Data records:
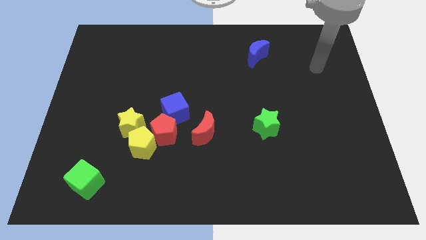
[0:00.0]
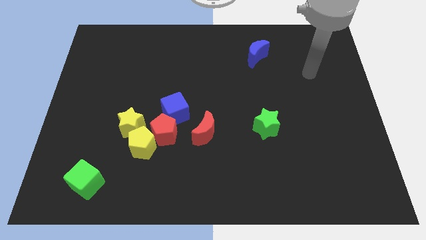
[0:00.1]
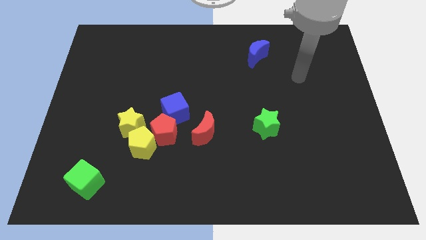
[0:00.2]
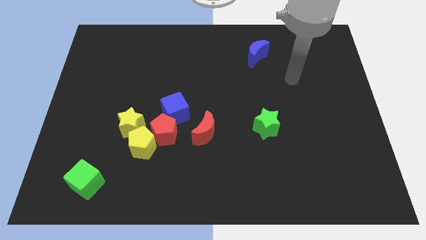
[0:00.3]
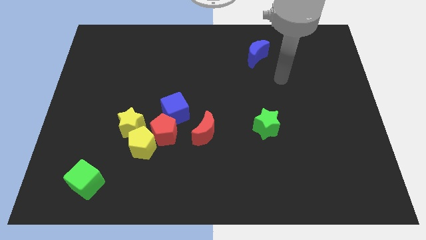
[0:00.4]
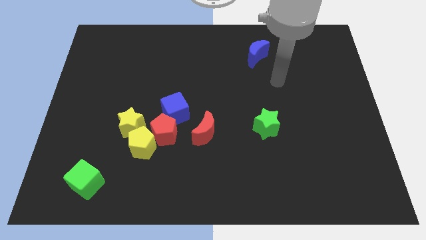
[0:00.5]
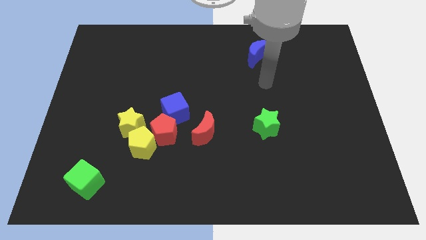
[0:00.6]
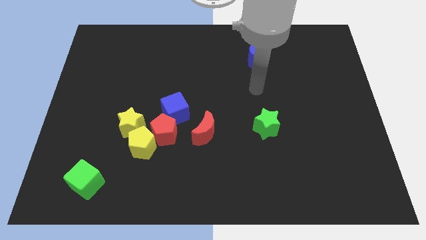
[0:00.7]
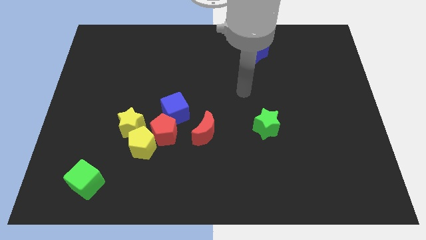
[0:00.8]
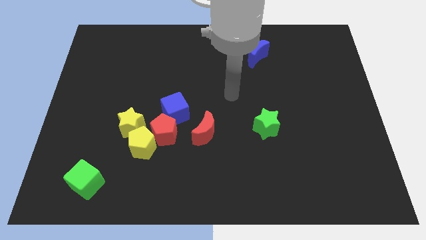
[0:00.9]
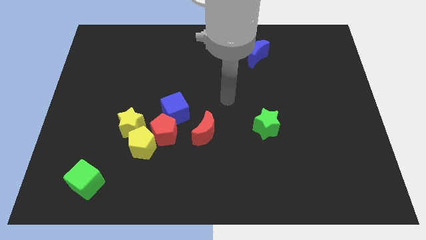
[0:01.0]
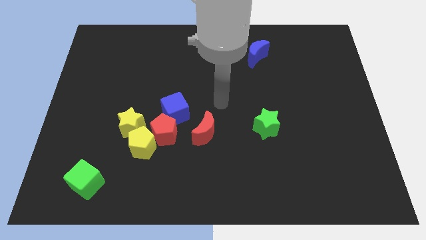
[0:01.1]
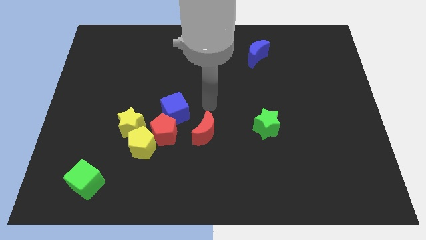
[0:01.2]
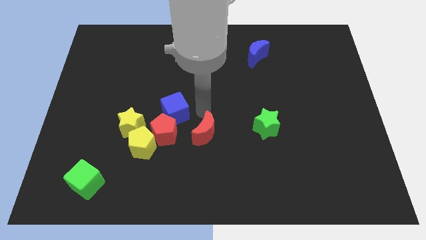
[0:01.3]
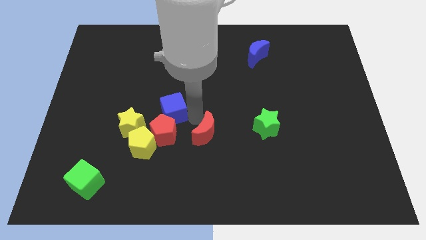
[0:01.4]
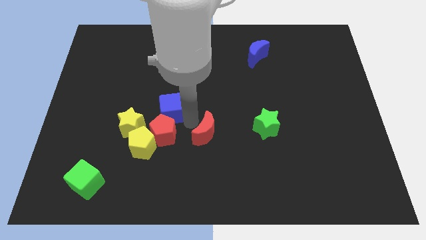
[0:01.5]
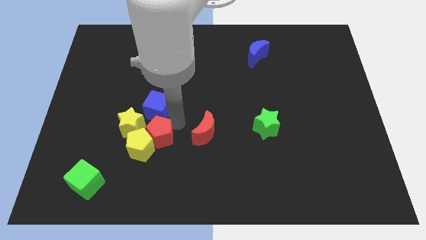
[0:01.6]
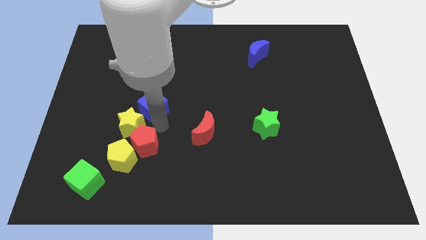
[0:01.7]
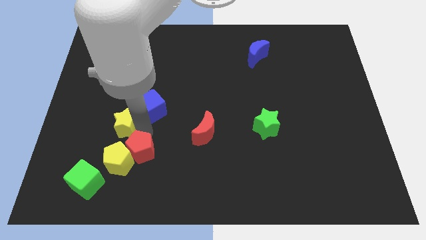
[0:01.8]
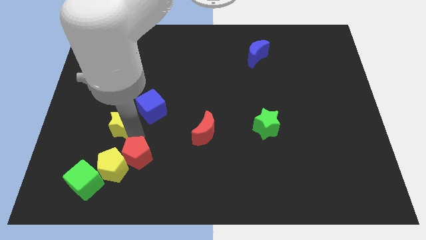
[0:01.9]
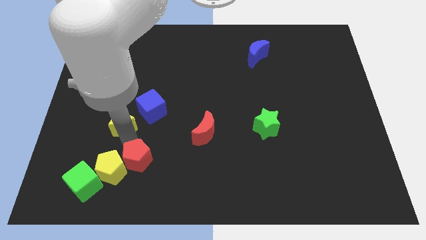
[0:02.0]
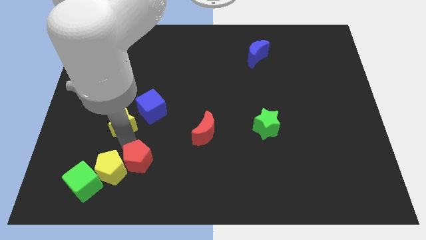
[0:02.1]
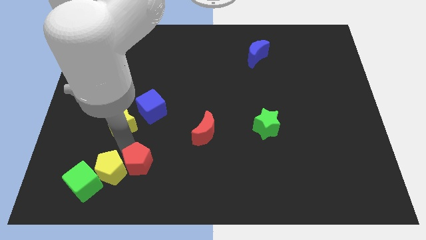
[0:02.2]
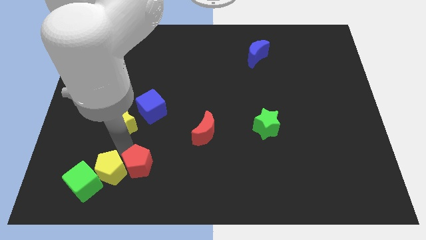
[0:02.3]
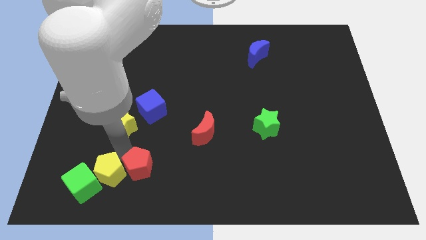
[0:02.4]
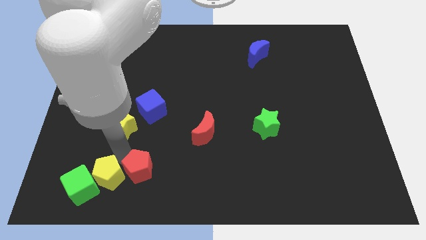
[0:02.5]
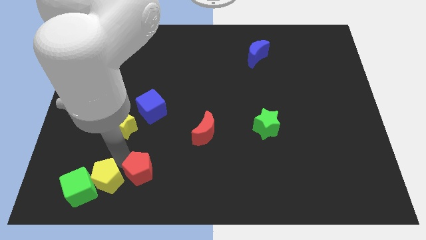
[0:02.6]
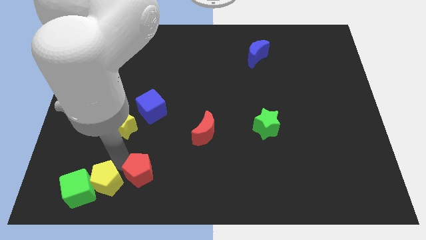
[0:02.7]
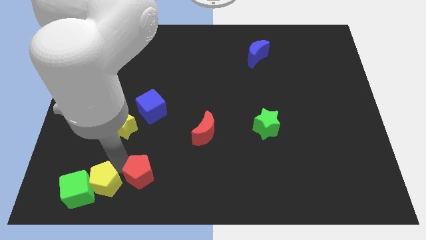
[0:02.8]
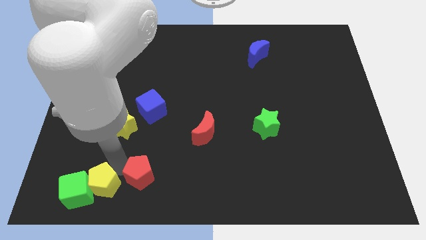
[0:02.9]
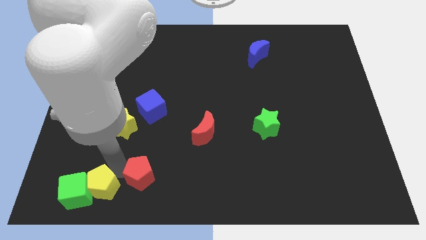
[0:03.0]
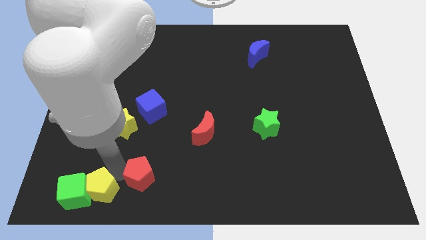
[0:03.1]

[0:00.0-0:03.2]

- Goal of the exercise
Please copy the lines above exactly as written, apart from any pictures.

- Exercise response
[0:00.0]
[0:00.1]
[0:00.2]
[0:00.3]
[0:00.4]
[0:00.5]
[0:00.6]
[0:00.7]
[0:00.8]
[0:00.9]
[0:01.0]
[0:01.1]
[0:01.2]
[0:01.3]
[0:01.4]
[0:01.5]
[0:01.6]
[0:01.7]
[0:01.8]
[0:01.9]
[0:02.0]
[0:02.1]
[0:02.2]
[0:02.3]
[0:02.4]
[0:02.5]
[0:02.6]
[0:02.7]
[0:02.8]
[0:02.9]
[0:03.0]
[0:03.1]

[0:00.0-0:03.2]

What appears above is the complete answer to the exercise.